Multi-Level Local SGD simulation code
Corresponding paper: T. Castiglia, A. Das, and S. Patterson “Multi-Level Local SGD: Distributed SGD for Heterogeneous Hierarchical Networks” in ICLR, 2021
This code is for simulating a multi-level network with heterogeneous workers, and running MLL-SGD to train a model on a set of data. The code is NOT for deployment purposes, and there is much room for optimization.
One can install our environment with Anaconda: conda create env -f flearn.yml
Figure results seen in the paper are under the "images" folder. Raw data results can be found under the "results" folder.
To rerun our experiments, run: ./run_exps.sh The bash script currently runs all experiments sequentially. They can be run in parallel depending on your machine's available memory.
To plot the results: python plot_exps.py
One can also run MLL-SGD with your own parameters. mll_sgd.py help output with extra comments:
usage: mll_sgd.py [-h] [--data [DATA]] [--model [MODEL]] [--hubs [HUBS]] [--workers [WORKERS]] [--tau [TAU]] [--q [Q]] [--graph [GRAPH]] [--epochs [EPOCHS]] [--batch [BATCH]] [--prob [PROB]] [--fed [FED]] [--chance [CHANCE]]

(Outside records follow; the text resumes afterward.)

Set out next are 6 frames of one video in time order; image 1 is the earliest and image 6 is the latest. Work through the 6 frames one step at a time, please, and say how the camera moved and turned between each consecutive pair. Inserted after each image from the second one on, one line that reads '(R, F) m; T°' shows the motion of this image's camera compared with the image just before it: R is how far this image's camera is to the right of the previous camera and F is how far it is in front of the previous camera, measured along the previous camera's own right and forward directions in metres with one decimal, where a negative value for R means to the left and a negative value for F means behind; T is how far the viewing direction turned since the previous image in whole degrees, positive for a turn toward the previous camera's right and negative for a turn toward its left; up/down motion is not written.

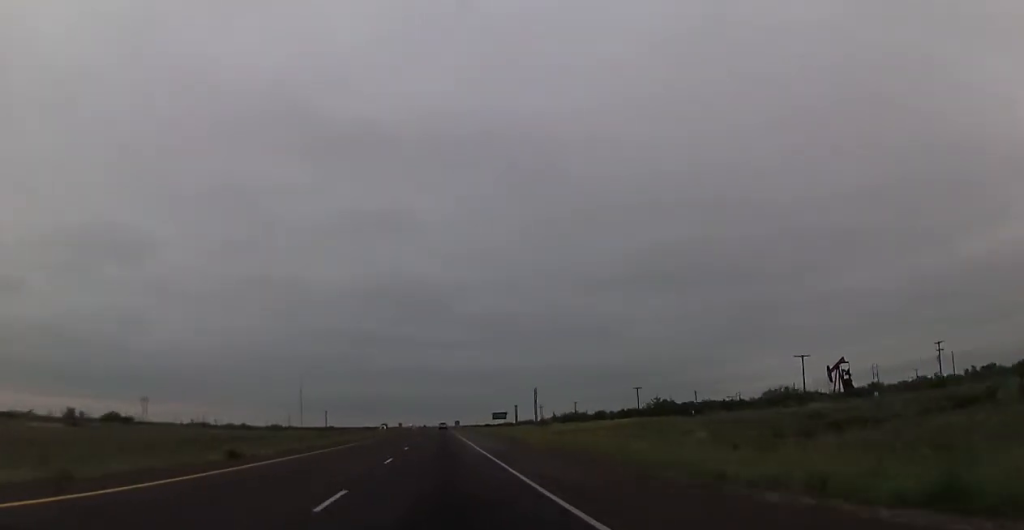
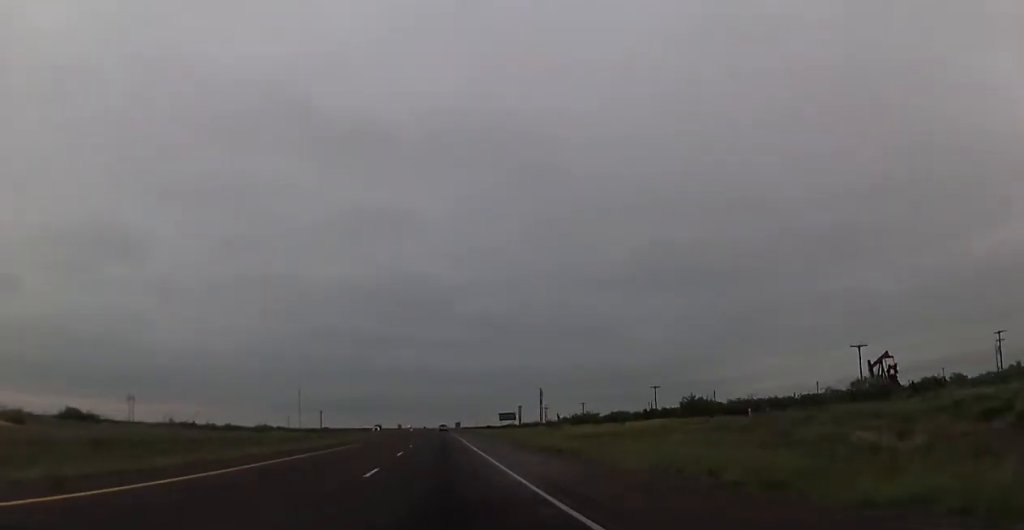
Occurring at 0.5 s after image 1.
(0.0, +17.3) m; 0°
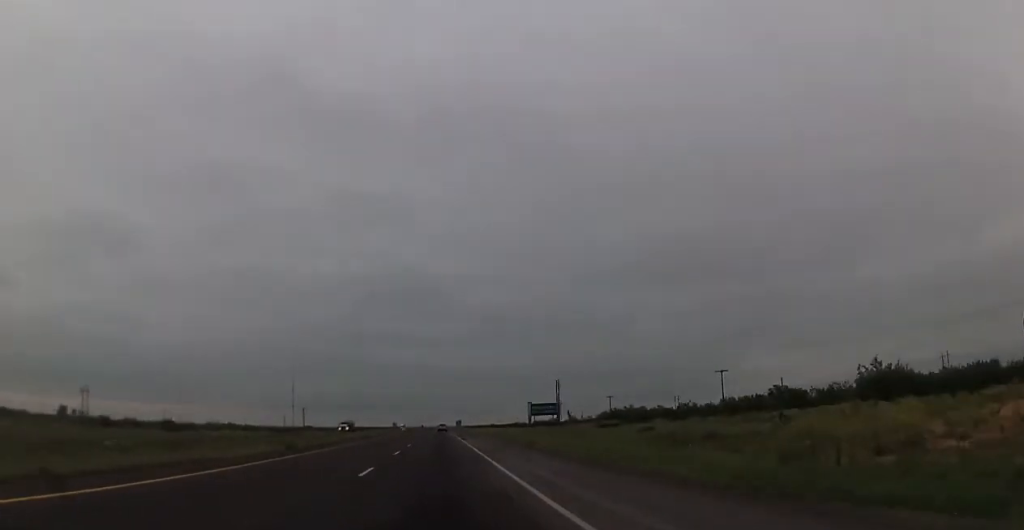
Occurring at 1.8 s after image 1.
(+0.1, +48.4) m; 0°
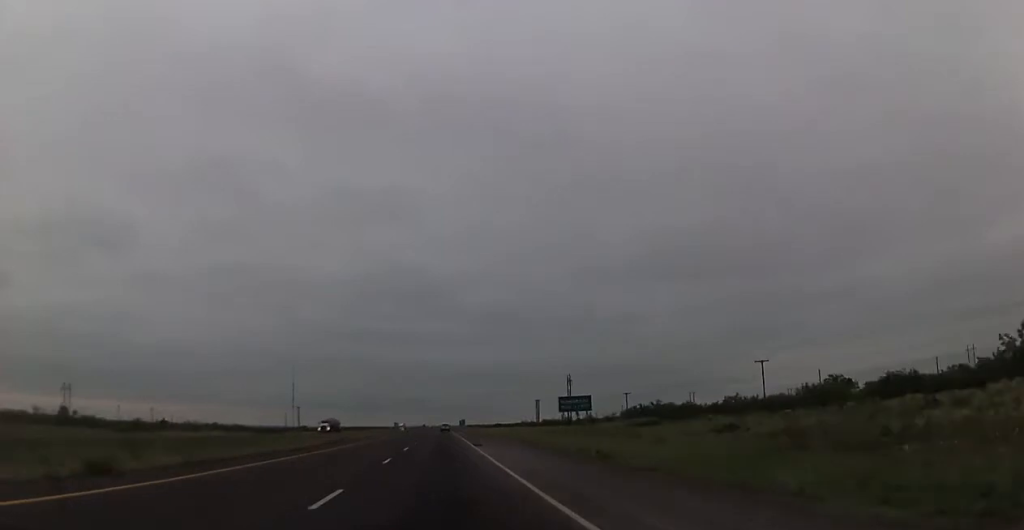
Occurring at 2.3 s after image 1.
(0.0, +18.6) m; 0°
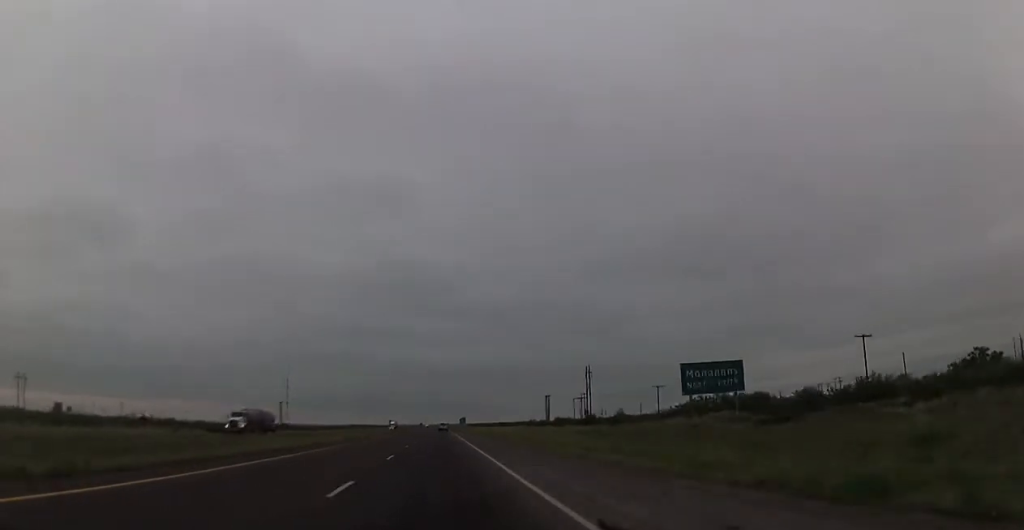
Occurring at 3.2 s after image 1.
(-0.1, +34.8) m; -1°
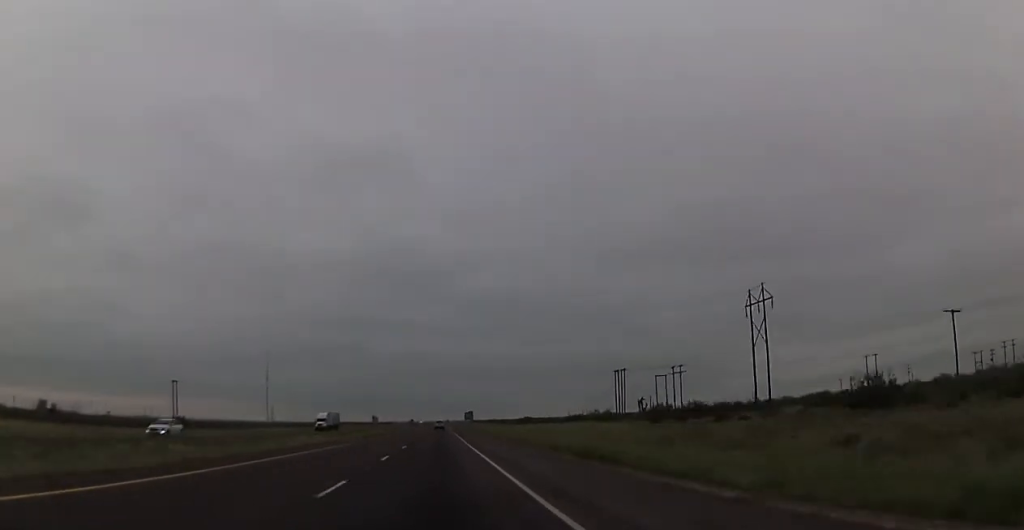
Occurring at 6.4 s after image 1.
(+0.7, +120.2) m; +1°

Run Multi-Level Local SGD.
optional arguments: -h, --help show this help message and exit --data [DATA] dataset to use in training. Value of 0 = MNIST data Value of 1 = EMNIST data Value of 2 = CIFAR-10 data --model [MODEL] model to use in training. Value of 0 = Logistic regression Value of 1 = CNN model for EMNIST Value of 2 = CIFARNet CNN model Value of 3 = ResNet-18 model --hubs [HUBS] number of hubs in system. --workers [WORKERS] number of workers per hub. --tau [TAU] number of local iterations for worker. --q [Q] number of sub-network iterations before global averaging. --graph [GRAPH] graph file ID to use for hub network. Values 1-4 use graphs in the "graphs" folder Value of 5 uses complete graph Value of 6 uses a line graph --epochs [EPOCHS] Number of epochs/global iterations to train for. --batch [BATCH] Batch size to use in Mini-batch SGD. --prob [PROB] Indicates with probability distribution to use for workers. Value of 0 = All worker probabilities are 1 Value of 1 = Use fixed probability defined by "chance" input Value of 2 = Uniform probability distribution from 0.1 to 1 Value of 3 = 10% of workers with probability 0.1, rest with 0.6 Value of 4 = 10% of workers with probability 1, rest with 0.5 Value of 5 = 10% of workers with probability 0.6, rest with 0.9 --fed [FED] Indicates if worker sets should be different sizes. False = All workers are given equal sized datasets True = Sub-networks receive either 5%, 10%, 20%, 25%, or 40% of the total dataset --chance [CHANCE] Fixed probability of taking gradient step. Only active when prob = 1.